__ACTION ITEM__.
Please reproduce all of the data exactly as it appears, but skip the pictures.

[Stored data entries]

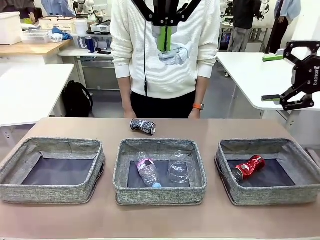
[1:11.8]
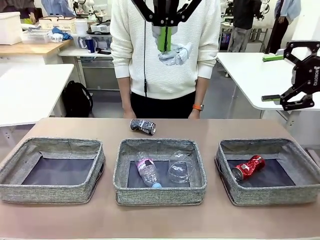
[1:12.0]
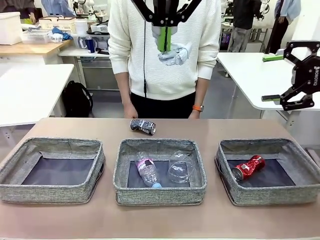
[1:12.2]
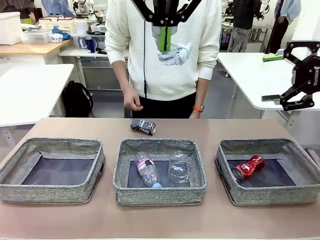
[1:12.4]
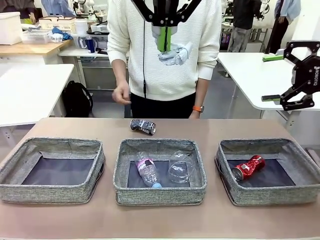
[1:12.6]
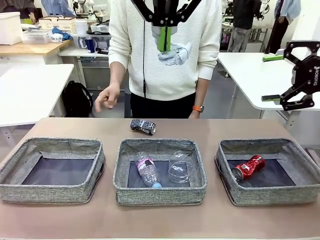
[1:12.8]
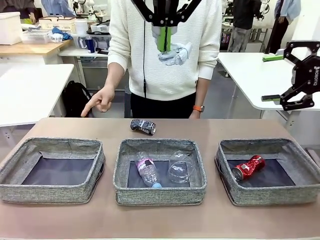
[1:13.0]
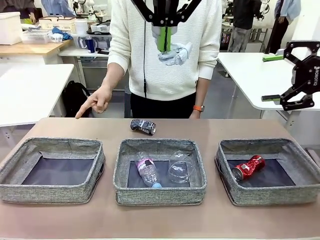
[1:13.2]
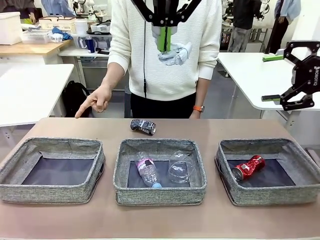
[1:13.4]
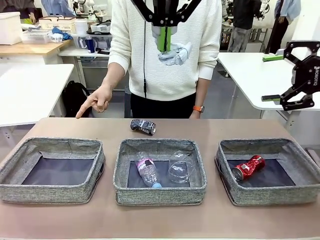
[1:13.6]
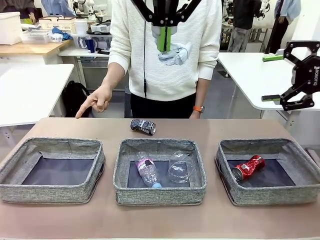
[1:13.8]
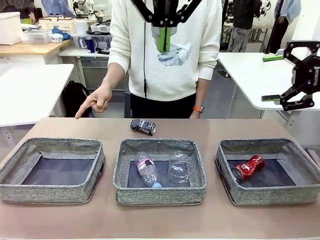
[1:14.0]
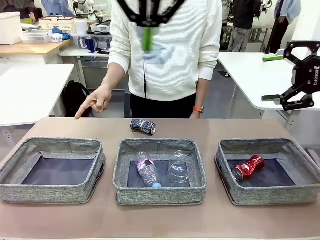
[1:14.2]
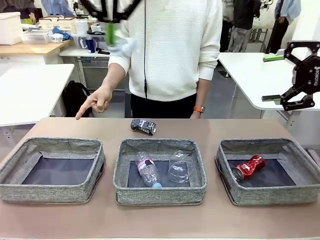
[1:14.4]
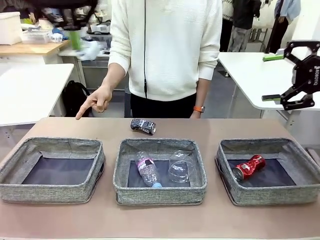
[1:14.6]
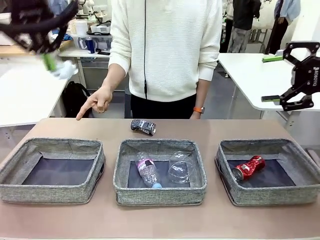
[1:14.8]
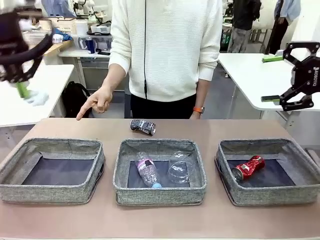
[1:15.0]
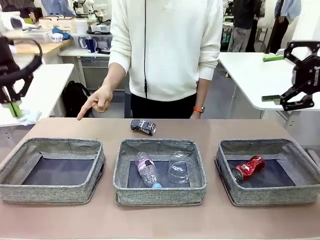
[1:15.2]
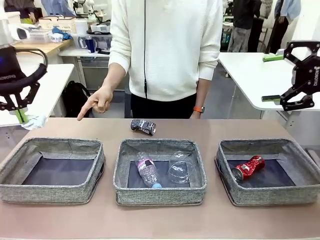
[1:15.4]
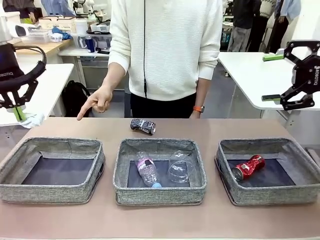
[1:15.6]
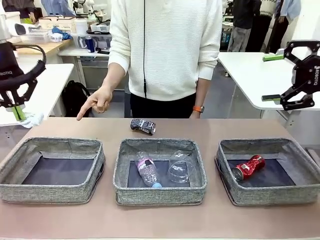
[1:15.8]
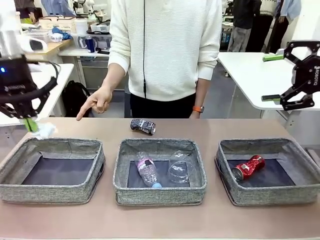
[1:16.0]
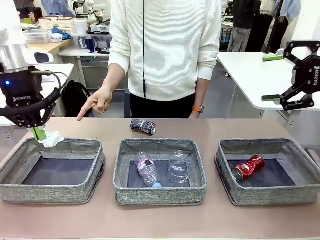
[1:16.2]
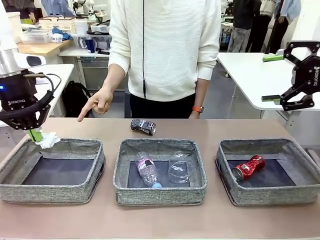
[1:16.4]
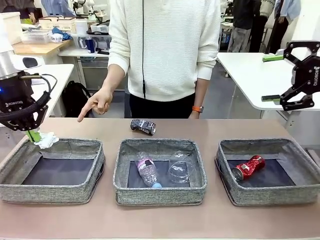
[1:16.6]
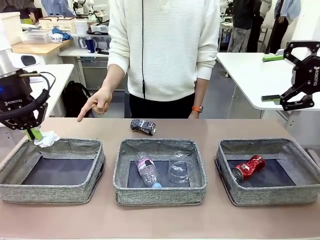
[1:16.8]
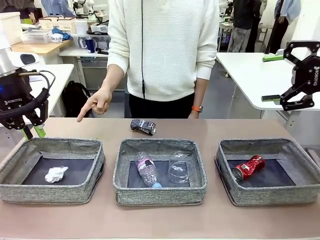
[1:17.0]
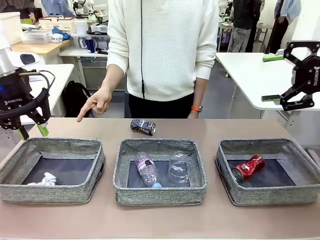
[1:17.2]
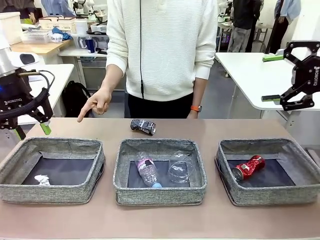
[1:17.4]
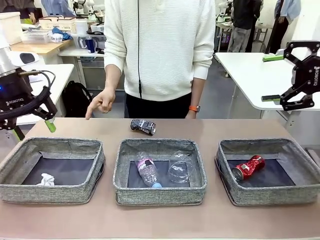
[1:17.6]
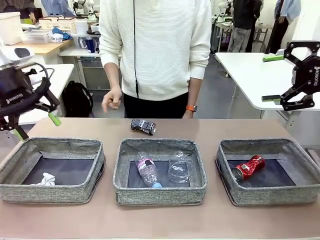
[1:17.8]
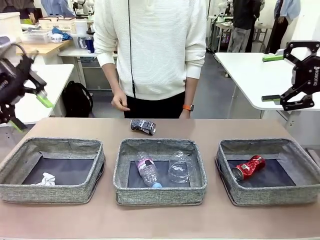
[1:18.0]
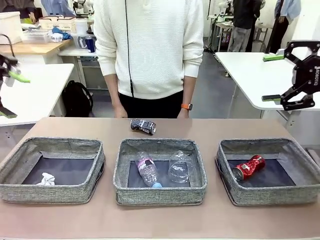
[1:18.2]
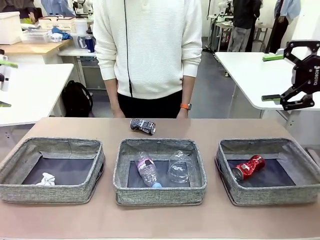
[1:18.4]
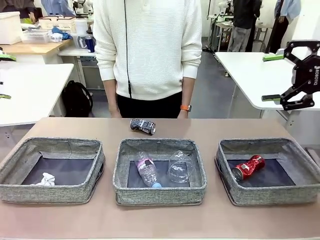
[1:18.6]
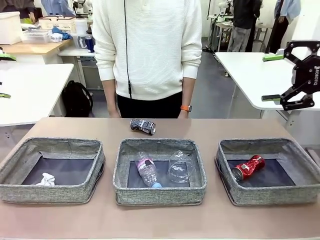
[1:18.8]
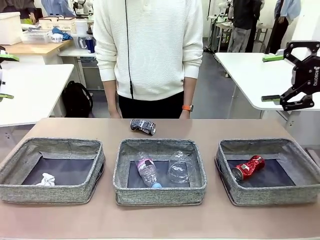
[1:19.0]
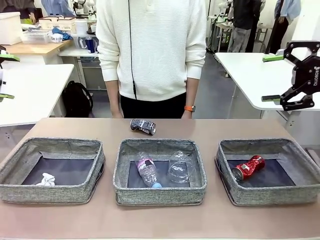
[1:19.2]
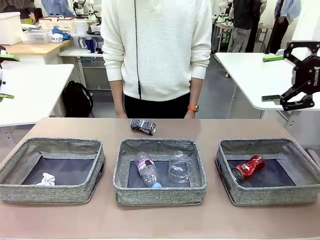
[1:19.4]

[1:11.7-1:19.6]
Robot: Place the picked waste into the Fabric basket indicated by the person.
Person: Instructs the robot to place the picked-up trash into the appropriate organizing basket.

__SOLUTION__.
[1:11.8]
[1:12.0]
[1:12.2]
[1:12.4]
[1:12.6]
[1:12.8]
[1:13.0]
[1:13.2]
[1:13.4]
[1:13.6]
[1:13.8]
[1:14.0]
[1:14.2]
[1:14.4]
[1:14.6]
[1:14.8]
[1:15.0]
[1:15.2]
[1:15.4]
[1:15.6]
[1:15.8]
[1:16.0]
[1:16.2]
[1:16.4]
[1:16.6]
[1:16.8]
[1:17.0]
[1:17.2]
[1:17.4]
[1:17.6]
[1:17.8]
[1:18.0]
[1:18.2]
[1:18.4]
[1:18.6]
[1:18.8]
[1:19.0]
[1:19.2]
[1:19.4]

[1:11.7-1:19.6]
Robot: Place the picked waste into the Fabric basket indicated by the person.
Person: Instructs the robot to place the picked-up trash into the appropriate organizing basket.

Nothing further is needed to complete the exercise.